- Chukam Location within Iran
- Coordinates: 37°22′56″N 49°37′14″E﻿ / ﻿37.38222°N 49.62056°E
- Country: Iran
- Province: Gilan
- County: Khomam
- District: Chukam
- Established as a city: 2023

Population (2016)
- • Total: 3,096
- Time zone: UTC+3:30 (IRST)

= Chukam =

City in Gilan province, Iran

Chukam (چوكام) (Note: Also romanized as Chowkām and Chūkām; formerly Bala Mahalleh-ye Chukam (بالامحله چوكام), also romanized as Bālā Maḩalleh-ye Chūkām; also known as Bāzār Chowgām, Bāzār Chowkām, Bāzār Chūkām, Chokam, and Chyukam) is a city in, and the capital of, Chukam District in Khomam County, Gilan province, Iran.

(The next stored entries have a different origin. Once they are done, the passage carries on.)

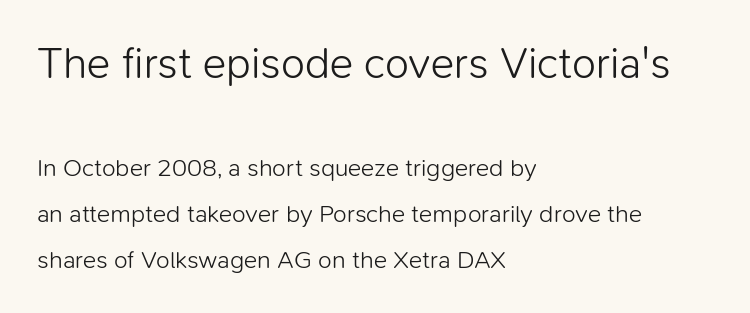
Q: Is the text bold? A: No.
Q: Is the text italic (slanted)? A: No, it is upright.
Q: Is the typeface a serif or a sans-serif typeface? A: Sans-serif.
Q: Is the text underlined? A: No.
Q: How is the paragraph aligned? A: Left-aligned.
Q: Is the spacing between letters normal or unusually wide? A: Normal.
Q: Which block of text is set in a larger size, the first (top) or the second (bottom)? A: The first (top) one.
Q: Width (condensed, normal, or wide)? A: Normal.
Q: Stroke contrast? A: Low.
Q: x-height? A: Medium.
Q: Monospaced? A: No.
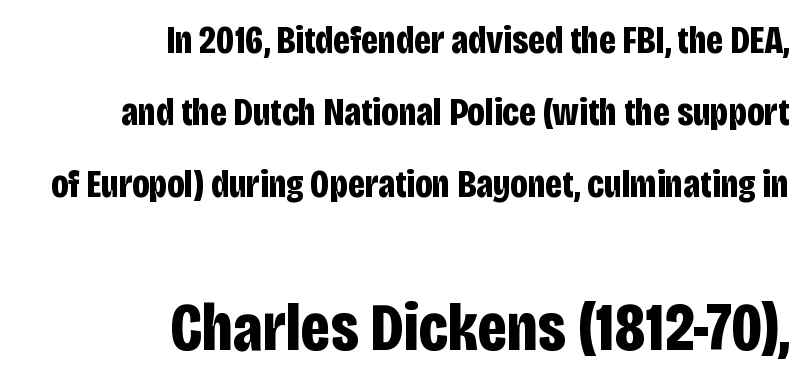
The image shows 68 px bold, condensed sans-serif type, upright; set right-aligned, line spacing 1.84x, normal letter spacing, not underlined; the second (bottom) block is 1.74x larger; low stroke contrast and a large x-height.
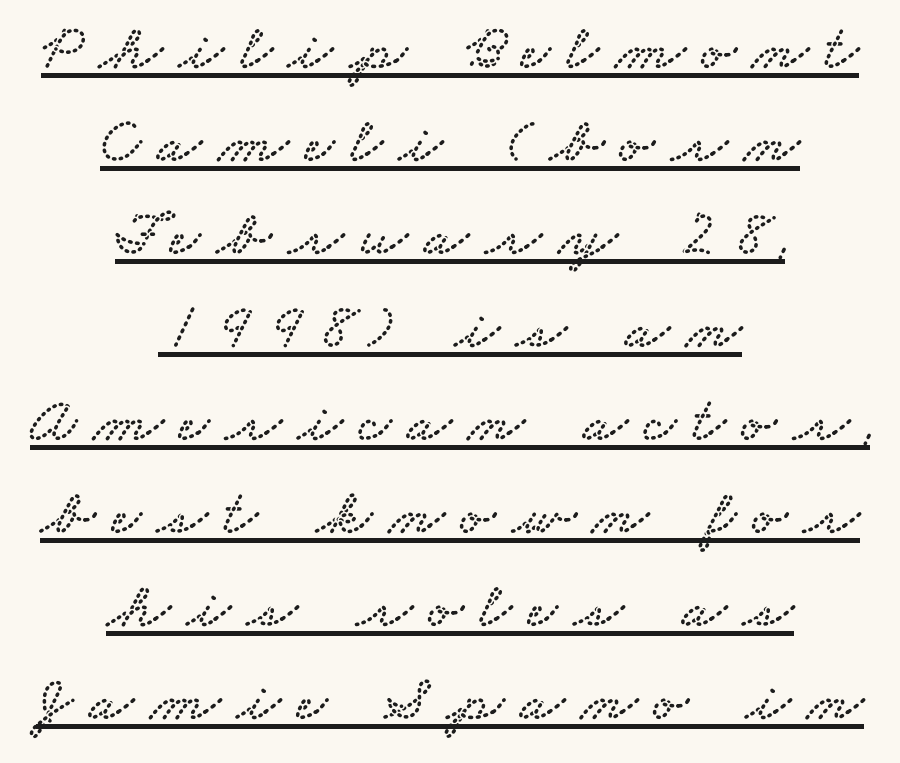
Q: Is the text underlined? A: Yes.
Q: How is the paragraph aligned? A: Centered.
Q: Is the spacing between letters normal or unusually wide? A: Unusually wide.
Q: Is the spacing between lines tight, normal or loose? A: Normal.
Q: Width (condensed, normal, or wide)? A: Wide.
Q: Stroke contrast? A: Low.
Q: x-height? A: Small.
Q: Monospaced? A: No.
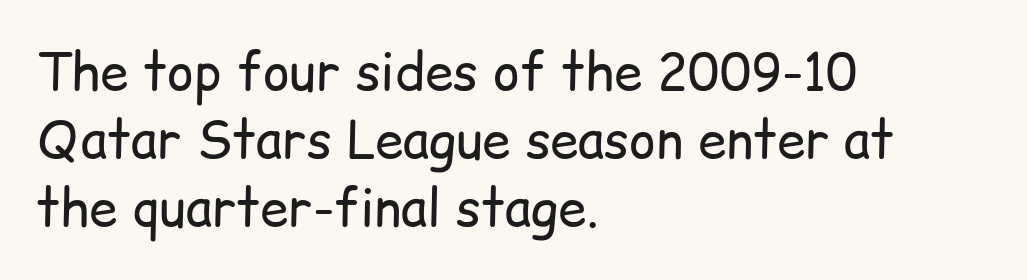
The image shows 51 px regular-weight sans-serif type, upright; set left-aligned, normal line spacing (1.33x), normal letter spacing, not underlined; low stroke contrast and a medium x-height.

As the village of Bala Mahalleh-ye Chukam, it was the capital of Chukam Rural District (Note: Renamed Eshkik Rural District) until its capital was transferred to the village of Eshkik.

==Demographics==
===Population===
At the time of the 2006 National Census, Chukam's population was 2,869 in 793 households, when it was a village in Chukam Rural District of the former Khomam District in Rasht County. The following census in 2011 counted 3,222 people in 994 households. The 2016 census measured the population of the village as 3,096 people in 1,019 households.

In 2020, the district was separated from the county in the establishment of Khomam County and the rural district was transferred to the new Chukam District. Bala Mahalleh-ye Chukam was converted to a city as Chukam.